* What the task requires: Please find how many lines of the data contain the string "stroke", and respond with that number only.

* Information provided:
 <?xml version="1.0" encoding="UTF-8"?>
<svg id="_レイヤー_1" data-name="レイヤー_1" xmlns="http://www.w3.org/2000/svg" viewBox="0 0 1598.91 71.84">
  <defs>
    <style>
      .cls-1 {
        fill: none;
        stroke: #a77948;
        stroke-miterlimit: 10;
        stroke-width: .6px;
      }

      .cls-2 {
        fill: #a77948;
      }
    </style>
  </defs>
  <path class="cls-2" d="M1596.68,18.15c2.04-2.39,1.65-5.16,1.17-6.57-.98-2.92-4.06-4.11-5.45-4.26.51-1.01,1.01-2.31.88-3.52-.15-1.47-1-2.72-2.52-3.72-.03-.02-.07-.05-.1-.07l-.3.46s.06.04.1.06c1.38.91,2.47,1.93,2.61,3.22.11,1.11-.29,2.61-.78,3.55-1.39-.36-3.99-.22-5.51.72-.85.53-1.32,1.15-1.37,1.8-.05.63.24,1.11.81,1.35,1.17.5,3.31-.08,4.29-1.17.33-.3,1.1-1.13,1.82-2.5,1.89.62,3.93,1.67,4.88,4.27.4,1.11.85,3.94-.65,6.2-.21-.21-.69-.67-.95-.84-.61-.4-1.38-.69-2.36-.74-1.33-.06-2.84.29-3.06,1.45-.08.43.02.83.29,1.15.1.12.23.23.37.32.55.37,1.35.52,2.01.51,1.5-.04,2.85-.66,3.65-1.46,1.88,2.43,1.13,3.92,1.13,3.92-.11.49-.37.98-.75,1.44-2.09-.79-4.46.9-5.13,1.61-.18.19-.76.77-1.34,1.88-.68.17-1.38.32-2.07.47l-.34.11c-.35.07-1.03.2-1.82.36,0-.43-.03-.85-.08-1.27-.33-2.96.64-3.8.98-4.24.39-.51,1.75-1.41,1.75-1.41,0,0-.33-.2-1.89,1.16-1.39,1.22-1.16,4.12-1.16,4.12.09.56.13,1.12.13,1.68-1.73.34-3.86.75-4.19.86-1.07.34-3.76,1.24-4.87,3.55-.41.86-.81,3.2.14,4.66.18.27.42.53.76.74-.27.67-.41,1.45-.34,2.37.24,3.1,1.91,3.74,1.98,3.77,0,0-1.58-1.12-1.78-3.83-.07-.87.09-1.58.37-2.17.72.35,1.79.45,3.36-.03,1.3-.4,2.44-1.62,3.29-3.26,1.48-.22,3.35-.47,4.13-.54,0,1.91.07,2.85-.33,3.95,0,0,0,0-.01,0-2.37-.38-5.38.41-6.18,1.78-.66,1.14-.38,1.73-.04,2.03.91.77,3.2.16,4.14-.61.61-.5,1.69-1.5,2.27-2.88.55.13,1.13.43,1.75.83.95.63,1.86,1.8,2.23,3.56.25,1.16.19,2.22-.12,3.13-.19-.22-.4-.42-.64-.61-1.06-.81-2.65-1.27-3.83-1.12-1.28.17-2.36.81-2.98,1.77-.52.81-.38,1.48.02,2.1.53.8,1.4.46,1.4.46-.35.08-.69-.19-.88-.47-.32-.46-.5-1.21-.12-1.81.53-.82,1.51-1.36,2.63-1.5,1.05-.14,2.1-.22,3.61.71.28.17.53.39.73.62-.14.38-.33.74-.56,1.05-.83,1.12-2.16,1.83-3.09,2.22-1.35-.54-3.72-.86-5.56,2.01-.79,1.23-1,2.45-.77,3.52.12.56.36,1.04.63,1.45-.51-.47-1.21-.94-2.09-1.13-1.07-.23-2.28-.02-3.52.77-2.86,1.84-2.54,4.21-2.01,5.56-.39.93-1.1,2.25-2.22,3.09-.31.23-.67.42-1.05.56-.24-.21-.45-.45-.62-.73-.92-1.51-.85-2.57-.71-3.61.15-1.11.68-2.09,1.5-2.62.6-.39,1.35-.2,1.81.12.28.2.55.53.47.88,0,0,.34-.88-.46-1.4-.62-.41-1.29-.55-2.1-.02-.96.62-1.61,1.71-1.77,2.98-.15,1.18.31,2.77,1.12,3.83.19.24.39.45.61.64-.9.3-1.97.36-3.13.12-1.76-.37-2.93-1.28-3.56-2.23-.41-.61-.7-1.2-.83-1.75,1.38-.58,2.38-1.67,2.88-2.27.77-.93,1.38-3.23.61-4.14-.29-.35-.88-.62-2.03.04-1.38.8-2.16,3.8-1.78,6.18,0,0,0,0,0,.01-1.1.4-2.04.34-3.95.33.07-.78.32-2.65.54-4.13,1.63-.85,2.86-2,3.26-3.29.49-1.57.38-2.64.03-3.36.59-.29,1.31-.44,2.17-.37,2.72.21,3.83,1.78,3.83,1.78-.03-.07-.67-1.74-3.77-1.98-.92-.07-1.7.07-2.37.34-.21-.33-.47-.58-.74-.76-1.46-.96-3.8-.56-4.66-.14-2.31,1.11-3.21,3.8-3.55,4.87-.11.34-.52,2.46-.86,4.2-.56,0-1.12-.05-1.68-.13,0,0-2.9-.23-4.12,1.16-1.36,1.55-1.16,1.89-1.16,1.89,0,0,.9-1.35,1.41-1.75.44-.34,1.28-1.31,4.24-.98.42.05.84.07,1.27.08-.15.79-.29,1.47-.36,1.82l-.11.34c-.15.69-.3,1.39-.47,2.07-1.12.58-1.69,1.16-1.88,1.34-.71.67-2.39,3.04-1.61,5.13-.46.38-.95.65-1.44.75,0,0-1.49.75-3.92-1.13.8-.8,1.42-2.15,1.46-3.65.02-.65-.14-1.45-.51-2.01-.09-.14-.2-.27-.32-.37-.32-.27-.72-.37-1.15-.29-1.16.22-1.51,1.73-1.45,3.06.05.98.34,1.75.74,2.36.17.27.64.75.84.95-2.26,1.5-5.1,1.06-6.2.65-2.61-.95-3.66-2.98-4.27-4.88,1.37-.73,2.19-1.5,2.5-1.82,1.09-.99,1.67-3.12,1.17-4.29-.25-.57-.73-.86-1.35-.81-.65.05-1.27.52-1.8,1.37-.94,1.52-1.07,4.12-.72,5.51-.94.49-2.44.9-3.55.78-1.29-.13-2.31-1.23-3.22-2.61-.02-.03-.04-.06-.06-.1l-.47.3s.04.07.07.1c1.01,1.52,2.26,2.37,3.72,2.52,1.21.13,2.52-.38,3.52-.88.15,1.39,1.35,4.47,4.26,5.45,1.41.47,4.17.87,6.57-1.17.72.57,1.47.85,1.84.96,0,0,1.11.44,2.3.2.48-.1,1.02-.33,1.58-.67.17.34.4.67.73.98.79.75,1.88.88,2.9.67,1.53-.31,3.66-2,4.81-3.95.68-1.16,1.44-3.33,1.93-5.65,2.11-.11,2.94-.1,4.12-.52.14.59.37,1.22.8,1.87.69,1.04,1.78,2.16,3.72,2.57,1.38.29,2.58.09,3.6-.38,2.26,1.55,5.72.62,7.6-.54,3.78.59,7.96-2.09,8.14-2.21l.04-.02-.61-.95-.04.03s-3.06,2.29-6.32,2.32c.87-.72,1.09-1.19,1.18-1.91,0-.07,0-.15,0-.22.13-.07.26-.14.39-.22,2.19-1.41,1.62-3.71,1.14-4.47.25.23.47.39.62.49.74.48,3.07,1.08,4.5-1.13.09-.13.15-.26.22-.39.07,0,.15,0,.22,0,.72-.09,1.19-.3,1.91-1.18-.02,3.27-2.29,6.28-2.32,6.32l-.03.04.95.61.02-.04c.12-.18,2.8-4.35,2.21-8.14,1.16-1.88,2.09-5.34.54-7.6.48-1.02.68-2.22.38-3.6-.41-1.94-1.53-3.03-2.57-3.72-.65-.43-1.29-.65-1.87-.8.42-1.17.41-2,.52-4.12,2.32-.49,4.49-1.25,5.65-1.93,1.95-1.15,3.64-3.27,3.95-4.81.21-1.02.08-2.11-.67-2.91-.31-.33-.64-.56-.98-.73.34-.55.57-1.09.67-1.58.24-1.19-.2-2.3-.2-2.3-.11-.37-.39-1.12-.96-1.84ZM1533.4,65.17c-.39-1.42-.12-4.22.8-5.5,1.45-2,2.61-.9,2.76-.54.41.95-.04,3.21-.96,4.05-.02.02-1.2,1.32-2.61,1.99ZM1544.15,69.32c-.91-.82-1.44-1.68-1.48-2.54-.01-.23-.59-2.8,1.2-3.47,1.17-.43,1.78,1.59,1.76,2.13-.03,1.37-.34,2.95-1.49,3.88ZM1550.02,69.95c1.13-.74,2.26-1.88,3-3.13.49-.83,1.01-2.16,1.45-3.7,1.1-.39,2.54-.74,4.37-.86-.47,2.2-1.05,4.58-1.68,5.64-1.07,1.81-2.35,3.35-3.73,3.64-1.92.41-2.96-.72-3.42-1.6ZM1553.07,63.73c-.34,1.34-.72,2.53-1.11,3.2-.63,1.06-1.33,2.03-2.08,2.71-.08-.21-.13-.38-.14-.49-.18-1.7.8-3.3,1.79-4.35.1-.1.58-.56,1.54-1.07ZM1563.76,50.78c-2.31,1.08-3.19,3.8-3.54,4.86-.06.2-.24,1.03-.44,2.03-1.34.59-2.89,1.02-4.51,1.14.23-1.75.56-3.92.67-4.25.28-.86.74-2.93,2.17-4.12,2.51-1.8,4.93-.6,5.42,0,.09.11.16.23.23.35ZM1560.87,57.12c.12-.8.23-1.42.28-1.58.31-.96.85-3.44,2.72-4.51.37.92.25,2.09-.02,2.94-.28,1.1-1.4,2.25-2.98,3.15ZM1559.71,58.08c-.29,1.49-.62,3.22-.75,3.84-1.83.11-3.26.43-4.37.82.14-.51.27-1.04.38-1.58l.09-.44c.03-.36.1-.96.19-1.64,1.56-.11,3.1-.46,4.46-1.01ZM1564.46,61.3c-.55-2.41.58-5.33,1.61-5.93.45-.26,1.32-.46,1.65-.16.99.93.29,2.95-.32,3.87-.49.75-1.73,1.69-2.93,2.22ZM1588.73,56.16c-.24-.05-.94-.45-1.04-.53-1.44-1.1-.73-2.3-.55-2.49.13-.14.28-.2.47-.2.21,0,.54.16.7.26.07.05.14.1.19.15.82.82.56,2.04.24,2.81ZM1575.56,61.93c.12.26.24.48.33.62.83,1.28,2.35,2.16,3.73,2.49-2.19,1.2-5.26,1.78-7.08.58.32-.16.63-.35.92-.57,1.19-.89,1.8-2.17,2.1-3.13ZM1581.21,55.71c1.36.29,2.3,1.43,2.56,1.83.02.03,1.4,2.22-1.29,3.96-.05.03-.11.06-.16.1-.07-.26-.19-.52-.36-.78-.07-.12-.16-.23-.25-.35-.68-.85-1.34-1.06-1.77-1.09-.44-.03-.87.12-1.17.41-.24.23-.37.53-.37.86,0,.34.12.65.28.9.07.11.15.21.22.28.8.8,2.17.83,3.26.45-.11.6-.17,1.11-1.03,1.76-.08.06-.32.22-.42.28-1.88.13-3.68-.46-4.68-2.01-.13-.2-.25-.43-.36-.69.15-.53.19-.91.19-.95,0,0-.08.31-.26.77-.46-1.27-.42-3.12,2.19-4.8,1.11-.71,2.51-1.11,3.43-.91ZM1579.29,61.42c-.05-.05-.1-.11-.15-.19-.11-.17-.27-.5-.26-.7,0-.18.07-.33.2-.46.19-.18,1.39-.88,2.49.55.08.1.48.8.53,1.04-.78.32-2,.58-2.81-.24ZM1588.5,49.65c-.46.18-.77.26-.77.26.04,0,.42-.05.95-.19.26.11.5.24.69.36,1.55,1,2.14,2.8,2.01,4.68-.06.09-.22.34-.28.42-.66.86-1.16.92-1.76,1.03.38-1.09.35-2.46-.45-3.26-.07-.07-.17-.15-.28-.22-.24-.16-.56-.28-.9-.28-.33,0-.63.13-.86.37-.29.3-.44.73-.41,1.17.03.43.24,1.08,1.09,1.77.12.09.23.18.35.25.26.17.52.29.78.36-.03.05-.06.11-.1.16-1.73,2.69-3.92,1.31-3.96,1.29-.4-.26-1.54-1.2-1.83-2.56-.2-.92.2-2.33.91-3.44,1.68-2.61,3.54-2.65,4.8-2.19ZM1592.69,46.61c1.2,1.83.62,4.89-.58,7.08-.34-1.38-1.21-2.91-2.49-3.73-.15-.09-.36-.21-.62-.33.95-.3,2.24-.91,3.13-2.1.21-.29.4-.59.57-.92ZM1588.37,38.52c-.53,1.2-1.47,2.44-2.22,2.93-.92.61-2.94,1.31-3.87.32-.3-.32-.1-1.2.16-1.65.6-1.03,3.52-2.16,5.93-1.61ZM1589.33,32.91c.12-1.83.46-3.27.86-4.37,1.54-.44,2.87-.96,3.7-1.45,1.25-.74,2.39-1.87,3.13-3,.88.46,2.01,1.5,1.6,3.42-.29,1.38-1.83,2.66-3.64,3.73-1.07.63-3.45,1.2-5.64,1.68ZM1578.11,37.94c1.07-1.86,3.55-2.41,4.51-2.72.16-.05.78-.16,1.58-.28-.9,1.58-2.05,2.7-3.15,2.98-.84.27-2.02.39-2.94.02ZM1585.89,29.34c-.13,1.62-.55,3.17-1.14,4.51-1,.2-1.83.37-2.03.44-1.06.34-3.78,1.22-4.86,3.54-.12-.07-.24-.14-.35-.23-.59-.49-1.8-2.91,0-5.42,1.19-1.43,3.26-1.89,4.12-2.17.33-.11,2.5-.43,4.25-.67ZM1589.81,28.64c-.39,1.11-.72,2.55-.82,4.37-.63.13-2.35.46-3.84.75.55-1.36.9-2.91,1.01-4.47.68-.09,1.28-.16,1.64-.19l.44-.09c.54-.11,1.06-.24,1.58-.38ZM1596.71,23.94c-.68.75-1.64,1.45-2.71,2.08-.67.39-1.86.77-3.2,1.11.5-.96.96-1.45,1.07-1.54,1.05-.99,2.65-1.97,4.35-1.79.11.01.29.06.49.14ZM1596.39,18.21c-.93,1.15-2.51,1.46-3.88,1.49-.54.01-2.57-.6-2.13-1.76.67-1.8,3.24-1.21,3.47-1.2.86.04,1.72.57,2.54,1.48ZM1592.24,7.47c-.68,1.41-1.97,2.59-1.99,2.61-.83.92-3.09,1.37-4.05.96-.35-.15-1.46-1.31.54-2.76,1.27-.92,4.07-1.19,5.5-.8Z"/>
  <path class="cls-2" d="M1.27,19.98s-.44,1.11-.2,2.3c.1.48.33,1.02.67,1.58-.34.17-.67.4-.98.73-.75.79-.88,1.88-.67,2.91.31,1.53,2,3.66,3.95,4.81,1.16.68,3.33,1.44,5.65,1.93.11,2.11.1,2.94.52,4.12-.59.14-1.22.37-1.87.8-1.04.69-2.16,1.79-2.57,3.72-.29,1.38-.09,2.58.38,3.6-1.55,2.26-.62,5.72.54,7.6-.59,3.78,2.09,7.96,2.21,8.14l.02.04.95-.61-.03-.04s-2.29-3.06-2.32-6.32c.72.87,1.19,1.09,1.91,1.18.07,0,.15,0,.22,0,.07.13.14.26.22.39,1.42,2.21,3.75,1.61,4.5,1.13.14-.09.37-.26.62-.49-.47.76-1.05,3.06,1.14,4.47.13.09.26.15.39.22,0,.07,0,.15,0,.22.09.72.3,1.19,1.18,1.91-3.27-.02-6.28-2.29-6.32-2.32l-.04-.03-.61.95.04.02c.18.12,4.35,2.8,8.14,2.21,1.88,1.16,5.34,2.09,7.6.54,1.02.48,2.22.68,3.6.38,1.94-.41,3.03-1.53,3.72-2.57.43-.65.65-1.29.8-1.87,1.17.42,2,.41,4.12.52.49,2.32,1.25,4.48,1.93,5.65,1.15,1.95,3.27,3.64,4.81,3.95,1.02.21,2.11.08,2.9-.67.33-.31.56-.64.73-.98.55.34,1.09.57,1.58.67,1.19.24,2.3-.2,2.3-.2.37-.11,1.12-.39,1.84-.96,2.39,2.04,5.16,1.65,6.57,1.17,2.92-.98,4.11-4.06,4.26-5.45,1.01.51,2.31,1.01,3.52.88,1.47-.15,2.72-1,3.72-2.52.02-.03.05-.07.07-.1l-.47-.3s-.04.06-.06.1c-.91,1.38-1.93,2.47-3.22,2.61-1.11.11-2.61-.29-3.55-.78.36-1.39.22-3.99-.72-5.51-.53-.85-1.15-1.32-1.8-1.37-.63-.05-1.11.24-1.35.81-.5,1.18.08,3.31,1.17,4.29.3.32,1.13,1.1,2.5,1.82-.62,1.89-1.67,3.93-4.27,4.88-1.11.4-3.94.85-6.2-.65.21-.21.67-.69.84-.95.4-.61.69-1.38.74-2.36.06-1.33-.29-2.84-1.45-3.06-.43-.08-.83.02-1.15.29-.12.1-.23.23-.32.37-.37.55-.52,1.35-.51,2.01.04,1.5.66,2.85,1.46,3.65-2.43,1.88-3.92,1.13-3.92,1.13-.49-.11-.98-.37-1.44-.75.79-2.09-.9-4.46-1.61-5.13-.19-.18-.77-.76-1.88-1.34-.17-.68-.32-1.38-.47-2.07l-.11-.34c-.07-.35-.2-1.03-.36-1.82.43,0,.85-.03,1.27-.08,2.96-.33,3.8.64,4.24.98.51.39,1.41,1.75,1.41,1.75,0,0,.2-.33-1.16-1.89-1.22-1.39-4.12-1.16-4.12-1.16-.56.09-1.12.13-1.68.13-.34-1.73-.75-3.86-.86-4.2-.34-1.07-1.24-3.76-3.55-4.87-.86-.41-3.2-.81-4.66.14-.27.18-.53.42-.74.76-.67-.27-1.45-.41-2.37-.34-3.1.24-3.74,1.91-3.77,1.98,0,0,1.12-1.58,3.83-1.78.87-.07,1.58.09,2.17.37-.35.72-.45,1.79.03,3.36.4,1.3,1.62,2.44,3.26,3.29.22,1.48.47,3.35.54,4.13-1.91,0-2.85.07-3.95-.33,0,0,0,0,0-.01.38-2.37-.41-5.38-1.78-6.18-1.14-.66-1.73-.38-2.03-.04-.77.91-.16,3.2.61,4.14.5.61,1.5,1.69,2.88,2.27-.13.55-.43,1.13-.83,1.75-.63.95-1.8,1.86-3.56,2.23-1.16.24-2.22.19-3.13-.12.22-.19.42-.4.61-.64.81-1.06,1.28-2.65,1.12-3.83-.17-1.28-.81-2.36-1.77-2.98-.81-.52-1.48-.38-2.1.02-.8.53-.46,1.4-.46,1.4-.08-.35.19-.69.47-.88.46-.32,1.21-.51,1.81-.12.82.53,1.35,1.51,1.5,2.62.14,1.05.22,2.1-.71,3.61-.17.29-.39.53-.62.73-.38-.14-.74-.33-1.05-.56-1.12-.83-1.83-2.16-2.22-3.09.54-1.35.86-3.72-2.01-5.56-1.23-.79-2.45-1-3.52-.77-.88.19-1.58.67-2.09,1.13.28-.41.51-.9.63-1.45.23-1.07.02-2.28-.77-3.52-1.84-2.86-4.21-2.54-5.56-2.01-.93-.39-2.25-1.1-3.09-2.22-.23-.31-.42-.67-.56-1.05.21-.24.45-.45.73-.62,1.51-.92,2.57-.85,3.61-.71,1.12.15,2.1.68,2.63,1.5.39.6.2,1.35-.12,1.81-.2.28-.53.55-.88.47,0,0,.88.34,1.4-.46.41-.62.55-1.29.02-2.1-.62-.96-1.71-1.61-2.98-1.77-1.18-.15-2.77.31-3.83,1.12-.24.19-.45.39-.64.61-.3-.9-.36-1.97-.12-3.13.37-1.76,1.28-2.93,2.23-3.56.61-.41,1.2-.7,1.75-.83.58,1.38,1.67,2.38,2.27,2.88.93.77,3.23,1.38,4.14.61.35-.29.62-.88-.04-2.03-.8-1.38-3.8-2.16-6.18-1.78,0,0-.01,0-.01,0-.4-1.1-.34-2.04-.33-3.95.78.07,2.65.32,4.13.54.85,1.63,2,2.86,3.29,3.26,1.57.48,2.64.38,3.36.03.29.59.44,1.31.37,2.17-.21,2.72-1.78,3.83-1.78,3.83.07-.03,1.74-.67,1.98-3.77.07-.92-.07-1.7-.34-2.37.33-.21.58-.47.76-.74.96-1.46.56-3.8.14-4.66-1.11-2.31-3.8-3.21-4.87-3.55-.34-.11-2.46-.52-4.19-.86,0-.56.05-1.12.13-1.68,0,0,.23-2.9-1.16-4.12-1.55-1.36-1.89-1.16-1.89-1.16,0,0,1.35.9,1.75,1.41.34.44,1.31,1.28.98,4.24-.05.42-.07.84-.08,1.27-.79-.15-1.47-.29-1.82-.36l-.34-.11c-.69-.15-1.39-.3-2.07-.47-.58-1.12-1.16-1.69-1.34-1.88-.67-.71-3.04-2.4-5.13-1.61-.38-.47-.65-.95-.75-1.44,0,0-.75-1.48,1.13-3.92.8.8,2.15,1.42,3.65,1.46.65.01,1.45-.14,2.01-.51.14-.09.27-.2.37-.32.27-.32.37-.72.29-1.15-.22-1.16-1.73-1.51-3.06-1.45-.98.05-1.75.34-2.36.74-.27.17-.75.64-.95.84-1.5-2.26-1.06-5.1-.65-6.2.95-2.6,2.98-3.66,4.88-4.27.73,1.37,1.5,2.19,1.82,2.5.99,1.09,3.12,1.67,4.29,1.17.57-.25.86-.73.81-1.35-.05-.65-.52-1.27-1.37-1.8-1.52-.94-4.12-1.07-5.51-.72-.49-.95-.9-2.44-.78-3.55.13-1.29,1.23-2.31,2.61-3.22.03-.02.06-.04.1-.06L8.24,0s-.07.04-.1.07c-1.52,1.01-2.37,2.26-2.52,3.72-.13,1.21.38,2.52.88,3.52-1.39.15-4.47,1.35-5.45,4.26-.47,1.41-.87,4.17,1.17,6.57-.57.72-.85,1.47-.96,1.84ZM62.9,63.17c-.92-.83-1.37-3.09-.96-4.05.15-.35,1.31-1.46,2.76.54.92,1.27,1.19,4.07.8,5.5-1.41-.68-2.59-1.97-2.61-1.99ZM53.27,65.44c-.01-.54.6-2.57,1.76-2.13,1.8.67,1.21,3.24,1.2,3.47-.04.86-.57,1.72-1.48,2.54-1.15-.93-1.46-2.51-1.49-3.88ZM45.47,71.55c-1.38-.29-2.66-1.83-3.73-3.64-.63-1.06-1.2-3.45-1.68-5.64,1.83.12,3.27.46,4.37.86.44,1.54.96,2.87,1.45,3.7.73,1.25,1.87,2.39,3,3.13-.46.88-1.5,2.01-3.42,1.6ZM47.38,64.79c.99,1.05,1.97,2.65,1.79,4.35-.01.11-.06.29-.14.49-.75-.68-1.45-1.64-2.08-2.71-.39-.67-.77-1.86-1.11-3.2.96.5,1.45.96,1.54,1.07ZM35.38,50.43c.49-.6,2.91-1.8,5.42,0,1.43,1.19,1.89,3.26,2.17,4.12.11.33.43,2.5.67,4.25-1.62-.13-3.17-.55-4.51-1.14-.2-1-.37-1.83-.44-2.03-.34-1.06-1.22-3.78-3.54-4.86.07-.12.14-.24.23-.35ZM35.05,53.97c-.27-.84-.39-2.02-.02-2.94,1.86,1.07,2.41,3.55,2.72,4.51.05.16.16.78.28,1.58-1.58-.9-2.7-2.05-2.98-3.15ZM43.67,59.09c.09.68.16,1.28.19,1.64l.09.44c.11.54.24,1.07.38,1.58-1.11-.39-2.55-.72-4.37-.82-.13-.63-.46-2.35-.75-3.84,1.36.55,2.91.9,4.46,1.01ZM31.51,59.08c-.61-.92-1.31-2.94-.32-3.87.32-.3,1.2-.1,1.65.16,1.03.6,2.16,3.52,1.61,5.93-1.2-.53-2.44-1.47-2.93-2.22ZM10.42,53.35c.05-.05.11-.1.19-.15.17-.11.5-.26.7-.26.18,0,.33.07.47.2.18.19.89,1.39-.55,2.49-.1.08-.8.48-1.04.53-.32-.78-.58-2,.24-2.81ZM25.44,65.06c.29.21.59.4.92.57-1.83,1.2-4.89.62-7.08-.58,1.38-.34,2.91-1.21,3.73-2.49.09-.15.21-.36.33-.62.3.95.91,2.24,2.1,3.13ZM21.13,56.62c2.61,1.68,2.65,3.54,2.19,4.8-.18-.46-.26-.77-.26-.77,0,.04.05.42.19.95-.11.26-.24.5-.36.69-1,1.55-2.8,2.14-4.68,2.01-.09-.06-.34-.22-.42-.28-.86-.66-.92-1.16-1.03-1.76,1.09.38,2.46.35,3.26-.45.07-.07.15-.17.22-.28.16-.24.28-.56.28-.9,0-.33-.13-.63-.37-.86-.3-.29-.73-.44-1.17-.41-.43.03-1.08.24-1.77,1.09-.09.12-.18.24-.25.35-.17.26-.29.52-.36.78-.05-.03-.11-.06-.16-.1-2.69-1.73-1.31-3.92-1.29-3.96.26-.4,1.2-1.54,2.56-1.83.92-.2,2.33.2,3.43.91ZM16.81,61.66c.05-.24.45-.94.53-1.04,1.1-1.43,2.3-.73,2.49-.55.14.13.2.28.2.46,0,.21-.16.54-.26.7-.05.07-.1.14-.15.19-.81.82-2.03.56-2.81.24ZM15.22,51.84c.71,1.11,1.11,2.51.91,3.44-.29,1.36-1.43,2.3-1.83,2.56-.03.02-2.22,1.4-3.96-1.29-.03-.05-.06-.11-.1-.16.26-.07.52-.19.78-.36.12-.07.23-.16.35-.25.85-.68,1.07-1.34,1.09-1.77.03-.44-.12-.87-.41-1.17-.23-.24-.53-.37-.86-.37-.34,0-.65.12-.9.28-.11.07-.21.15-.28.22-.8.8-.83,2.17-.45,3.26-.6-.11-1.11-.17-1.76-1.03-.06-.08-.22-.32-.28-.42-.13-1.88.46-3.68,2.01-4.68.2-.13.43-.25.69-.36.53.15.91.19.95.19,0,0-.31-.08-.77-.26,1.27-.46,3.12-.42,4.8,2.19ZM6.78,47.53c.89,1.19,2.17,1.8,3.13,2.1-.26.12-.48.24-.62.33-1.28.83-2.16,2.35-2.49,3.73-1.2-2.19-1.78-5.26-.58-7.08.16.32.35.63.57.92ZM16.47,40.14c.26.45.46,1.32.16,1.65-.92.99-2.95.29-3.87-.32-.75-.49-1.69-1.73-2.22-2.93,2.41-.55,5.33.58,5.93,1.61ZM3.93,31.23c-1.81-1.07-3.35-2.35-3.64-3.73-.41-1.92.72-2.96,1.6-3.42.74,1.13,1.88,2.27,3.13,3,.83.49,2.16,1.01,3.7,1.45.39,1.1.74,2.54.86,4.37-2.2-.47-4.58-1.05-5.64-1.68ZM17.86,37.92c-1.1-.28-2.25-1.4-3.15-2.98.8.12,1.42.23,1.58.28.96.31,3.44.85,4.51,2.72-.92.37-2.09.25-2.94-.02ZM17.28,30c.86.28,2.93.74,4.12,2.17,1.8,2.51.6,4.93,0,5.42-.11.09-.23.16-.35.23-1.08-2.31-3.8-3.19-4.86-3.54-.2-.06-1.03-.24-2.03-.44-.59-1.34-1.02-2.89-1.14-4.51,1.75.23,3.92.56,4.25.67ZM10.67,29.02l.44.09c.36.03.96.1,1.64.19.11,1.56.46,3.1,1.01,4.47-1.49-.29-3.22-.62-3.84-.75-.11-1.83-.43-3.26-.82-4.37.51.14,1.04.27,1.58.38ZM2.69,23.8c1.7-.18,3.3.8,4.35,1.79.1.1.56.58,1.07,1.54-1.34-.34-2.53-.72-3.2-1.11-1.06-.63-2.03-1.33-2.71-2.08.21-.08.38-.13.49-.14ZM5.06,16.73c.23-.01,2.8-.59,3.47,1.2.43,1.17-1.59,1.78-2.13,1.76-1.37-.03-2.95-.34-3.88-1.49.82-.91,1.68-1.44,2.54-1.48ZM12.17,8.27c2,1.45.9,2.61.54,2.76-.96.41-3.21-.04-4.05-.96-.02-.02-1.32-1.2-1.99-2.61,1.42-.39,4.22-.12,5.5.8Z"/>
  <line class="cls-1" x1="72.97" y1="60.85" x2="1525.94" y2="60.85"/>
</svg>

* Written response: 3